(Saved data entries)
┏━━

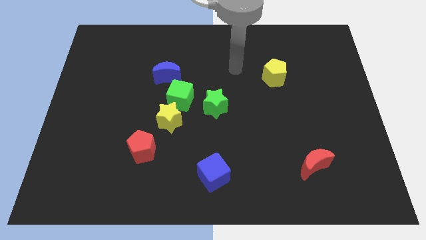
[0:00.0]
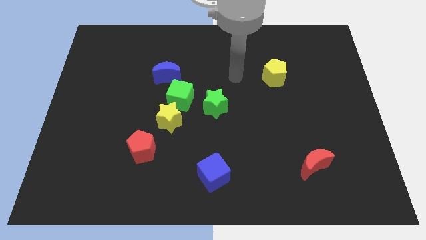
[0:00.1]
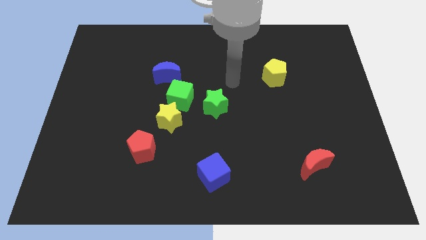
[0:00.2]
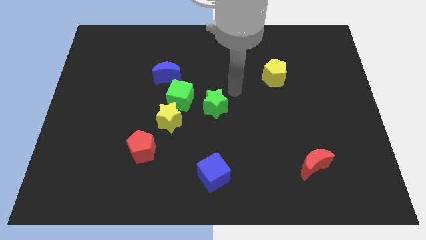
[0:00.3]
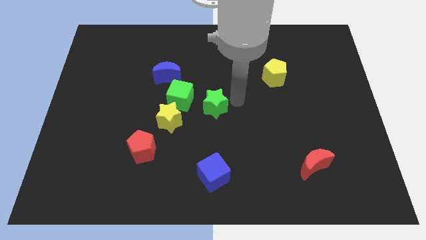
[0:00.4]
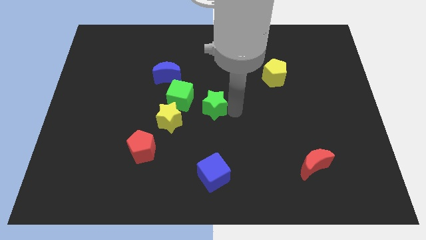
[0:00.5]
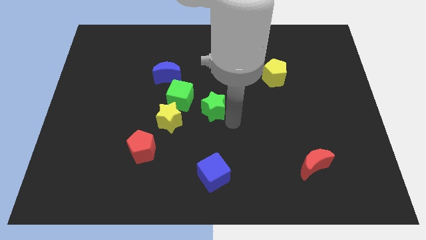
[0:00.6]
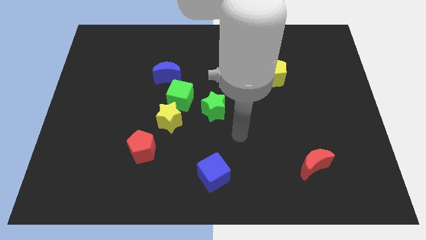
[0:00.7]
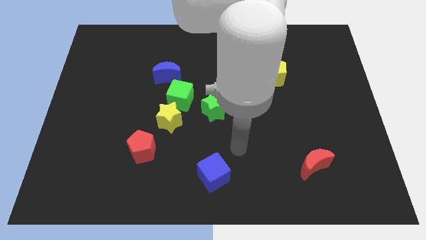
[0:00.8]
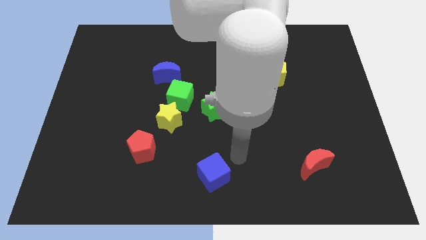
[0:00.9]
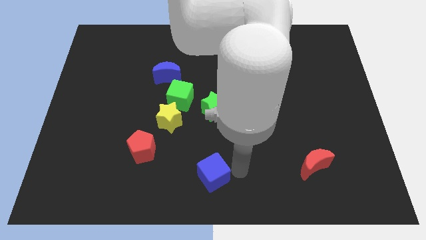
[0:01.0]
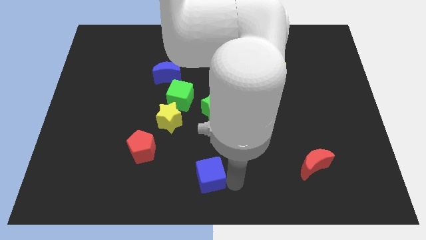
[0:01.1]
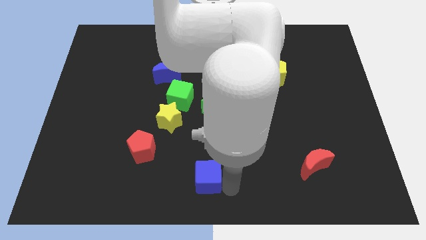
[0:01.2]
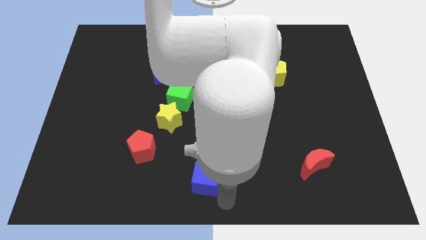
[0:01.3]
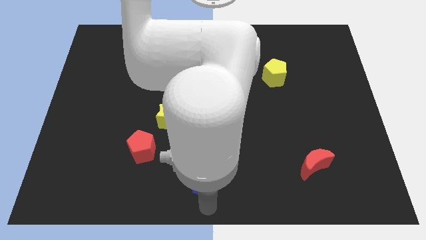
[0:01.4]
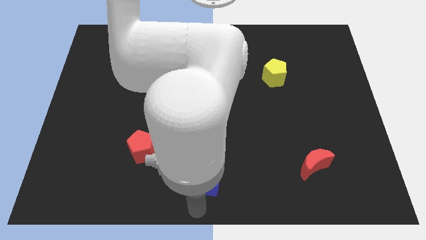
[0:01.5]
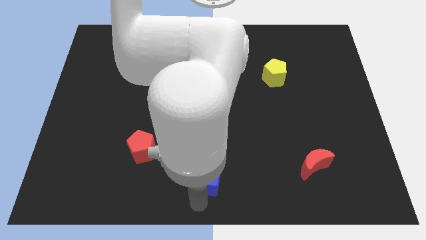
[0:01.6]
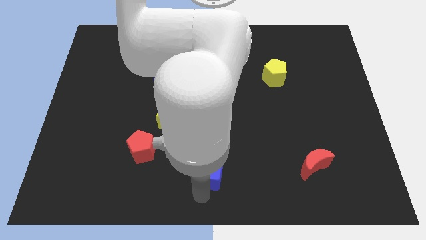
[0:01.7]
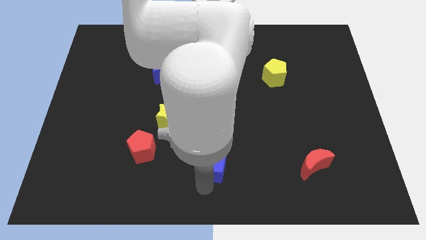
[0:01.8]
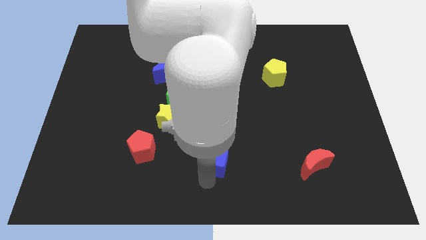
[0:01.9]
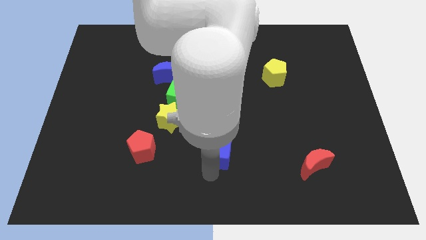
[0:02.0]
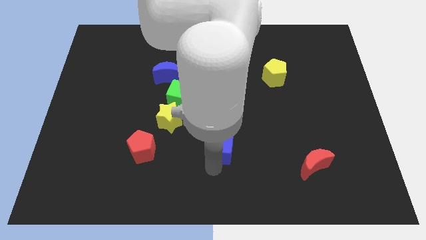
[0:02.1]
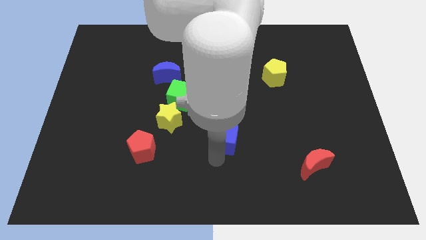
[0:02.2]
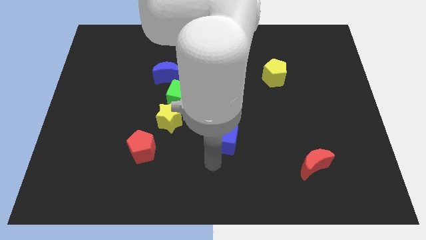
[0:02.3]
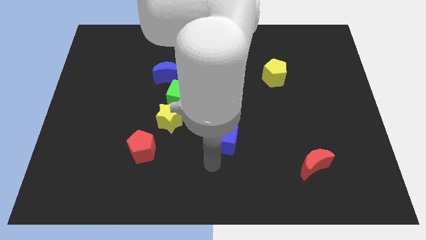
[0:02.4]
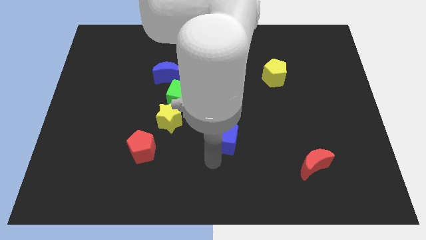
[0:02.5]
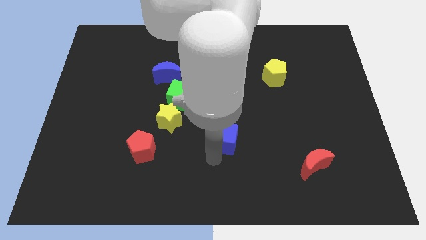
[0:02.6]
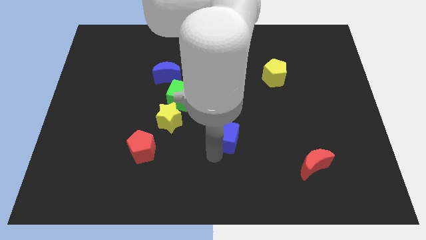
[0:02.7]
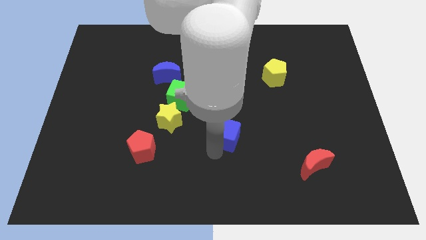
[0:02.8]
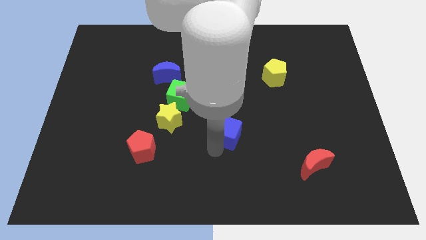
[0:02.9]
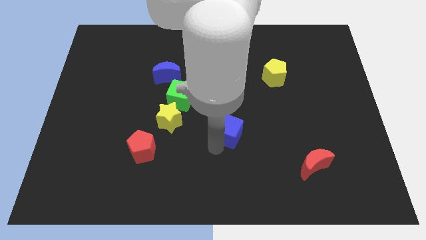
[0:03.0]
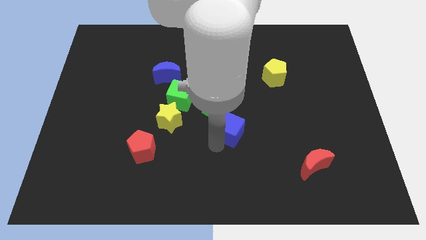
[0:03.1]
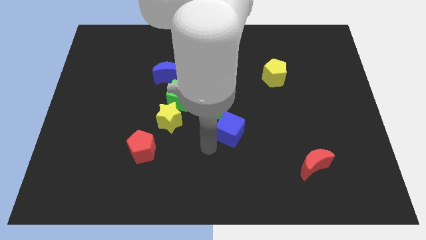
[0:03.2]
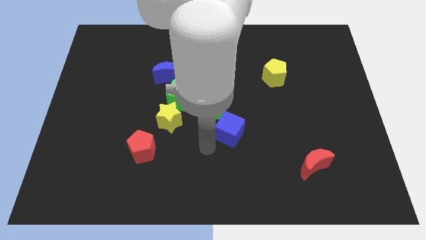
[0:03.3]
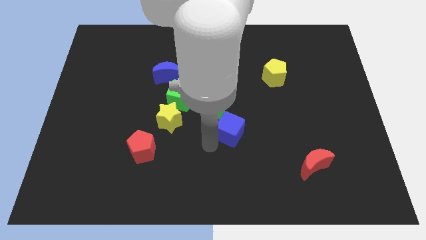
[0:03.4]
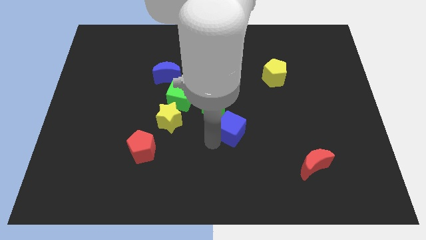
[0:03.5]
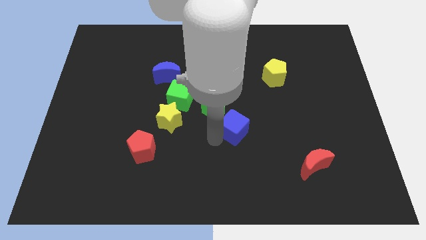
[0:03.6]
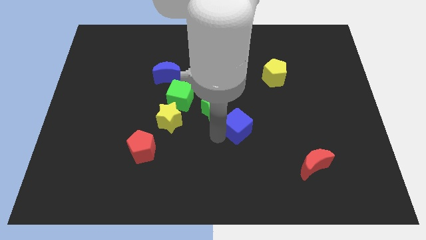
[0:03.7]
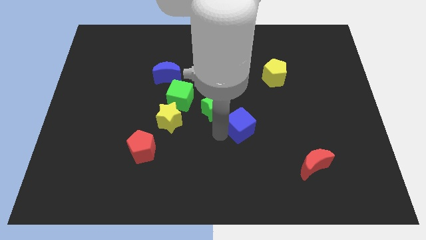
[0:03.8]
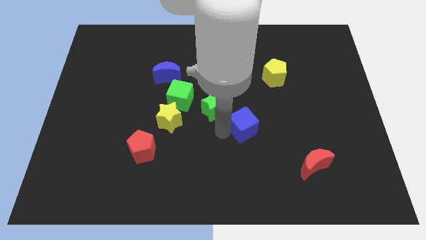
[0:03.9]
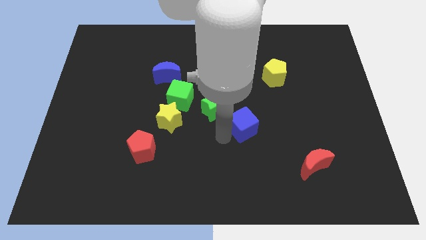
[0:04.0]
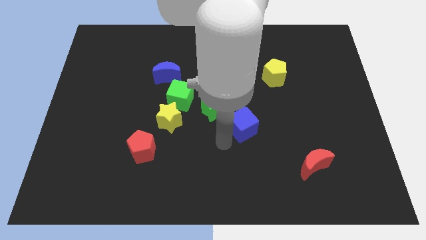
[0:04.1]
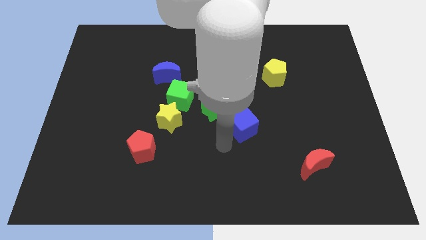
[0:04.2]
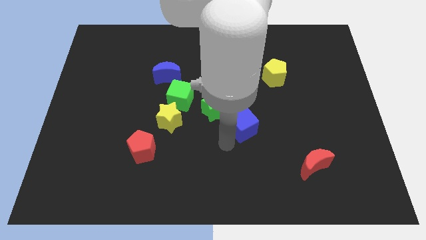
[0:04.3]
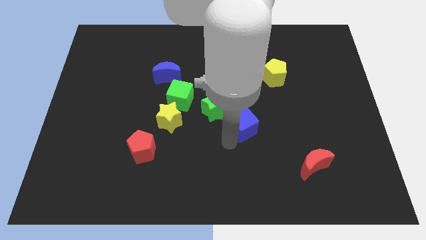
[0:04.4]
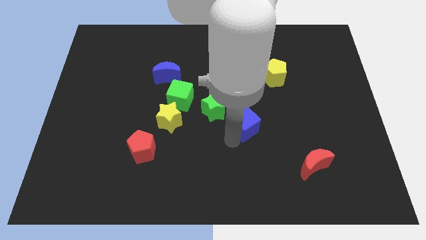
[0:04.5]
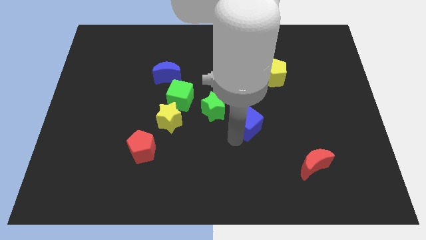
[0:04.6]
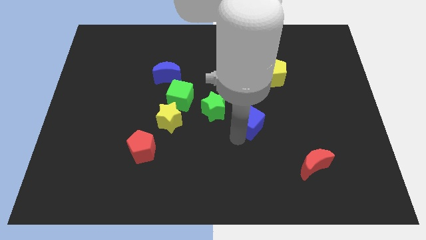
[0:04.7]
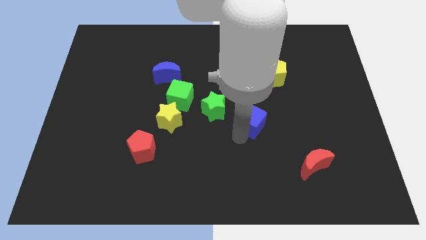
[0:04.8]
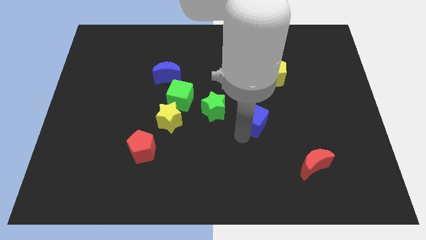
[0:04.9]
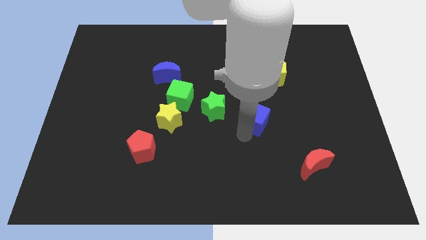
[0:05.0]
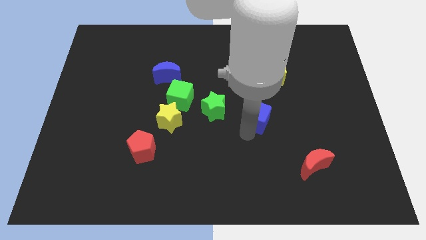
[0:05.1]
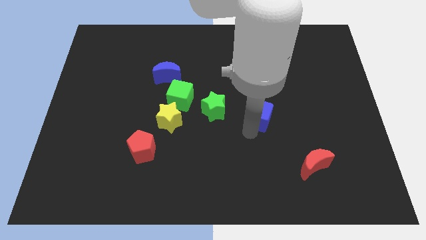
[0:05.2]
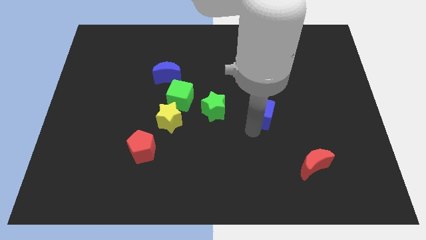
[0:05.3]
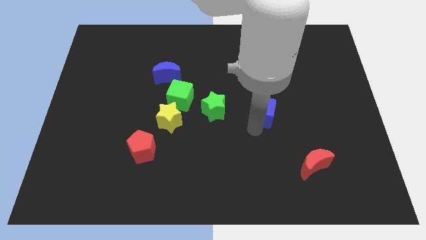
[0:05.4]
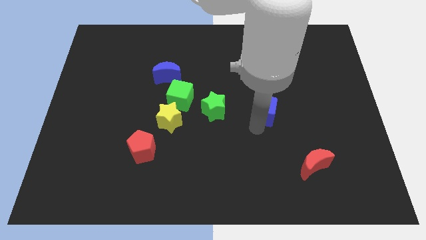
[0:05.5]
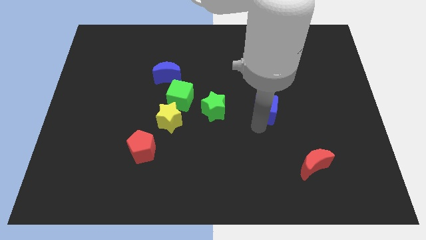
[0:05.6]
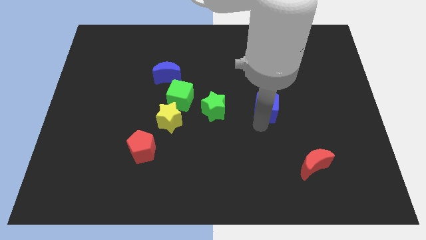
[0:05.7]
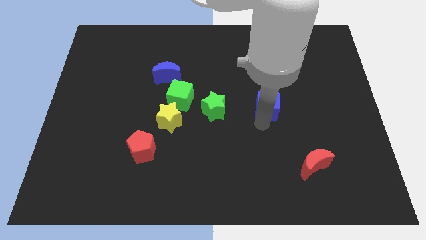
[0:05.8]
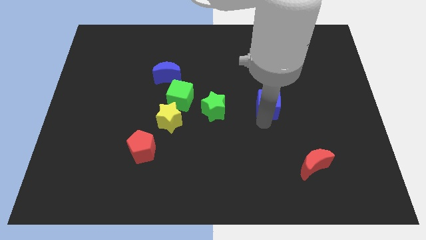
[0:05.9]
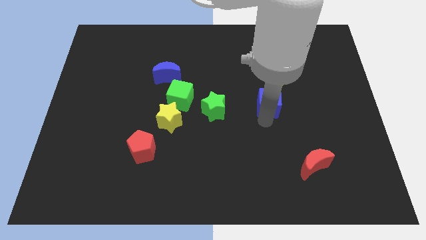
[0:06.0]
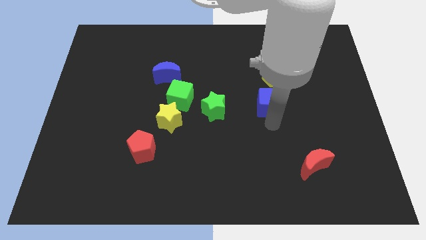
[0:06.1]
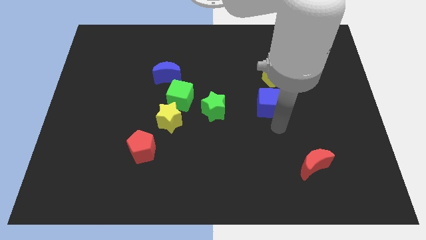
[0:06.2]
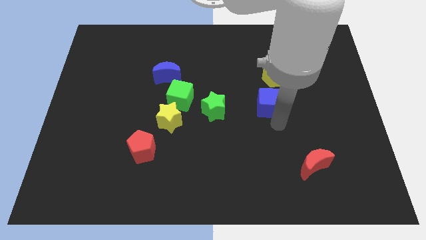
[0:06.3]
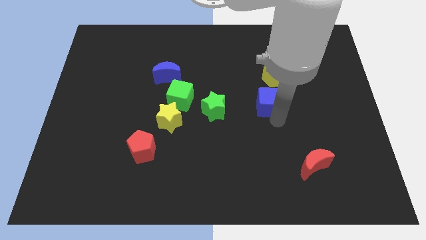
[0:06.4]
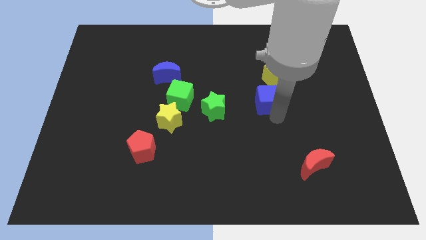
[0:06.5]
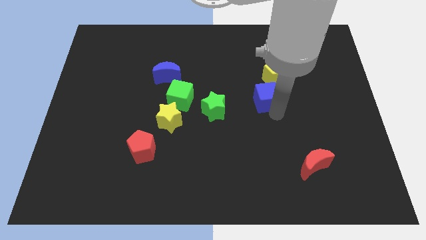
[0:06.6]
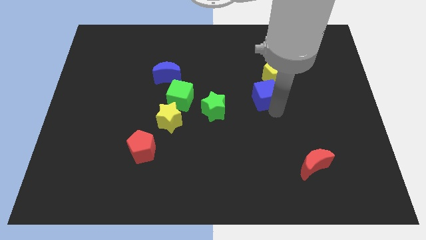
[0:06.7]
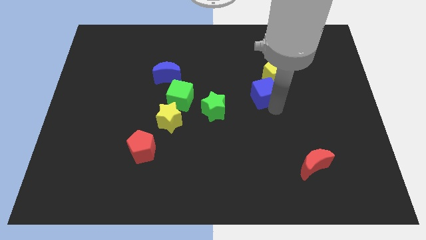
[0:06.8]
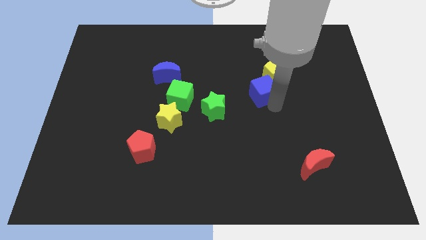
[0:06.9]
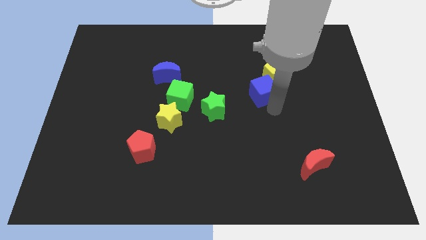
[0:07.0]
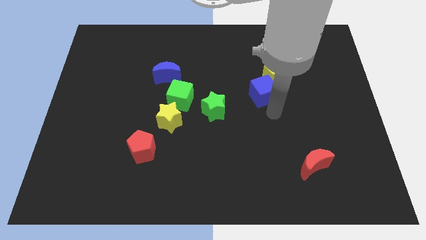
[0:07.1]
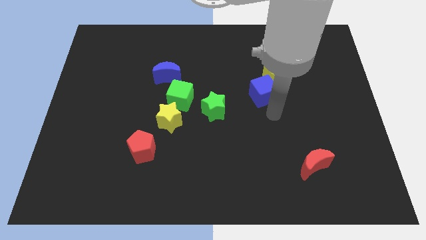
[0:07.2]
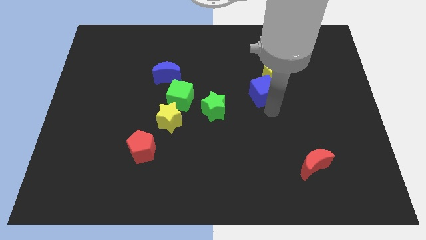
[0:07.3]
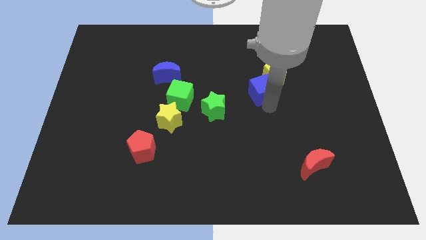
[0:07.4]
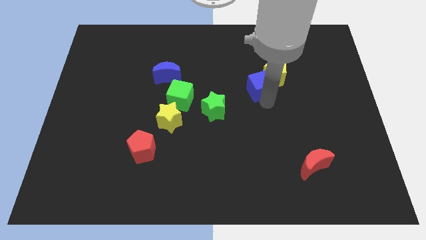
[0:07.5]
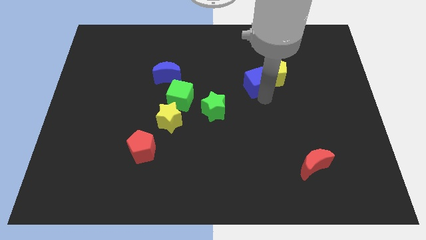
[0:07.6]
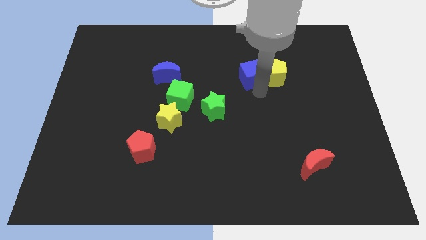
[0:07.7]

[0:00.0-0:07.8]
put the blue cube to the top left of the yellow pentagon

┗━━

Drop the pictures and set down the data above exactly.

[0:00.0]
[0:00.1]
[0:00.2]
[0:00.3]
[0:00.4]
[0:00.5]
[0:00.6]
[0:00.7]
[0:00.8]
[0:00.9]
[0:01.0]
[0:01.1]
[0:01.2]
[0:01.3]
[0:01.4]
[0:01.5]
[0:01.6]
[0:01.7]
[0:01.8]
[0:01.9]
[0:02.0]
[0:02.1]
[0:02.2]
[0:02.3]
[0:02.4]
[0:02.5]
[0:02.6]
[0:02.7]
[0:02.8]
[0:02.9]
[0:03.0]
[0:03.1]
[0:03.2]
[0:03.3]
[0:03.4]
[0:03.5]
[0:03.6]
[0:03.7]
[0:03.8]
[0:03.9]
[0:04.0]
[0:04.1]
[0:04.2]
[0:04.3]
[0:04.4]
[0:04.5]
[0:04.6]
[0:04.7]
[0:04.8]
[0:04.9]
[0:05.0]
[0:05.1]
[0:05.2]
[0:05.3]
[0:05.4]
[0:05.5]
[0:05.6]
[0:05.7]
[0:05.8]
[0:05.9]
[0:06.0]
[0:06.1]
[0:06.2]
[0:06.3]
[0:06.4]
[0:06.5]
[0:06.6]
[0:06.7]
[0:06.8]
[0:06.9]
[0:07.0]
[0:07.1]
[0:07.2]
[0:07.3]
[0:07.4]
[0:07.5]
[0:07.6]
[0:07.7]

[0:00.0-0:07.8]
put the blue cube to the top left of the yellow pentagon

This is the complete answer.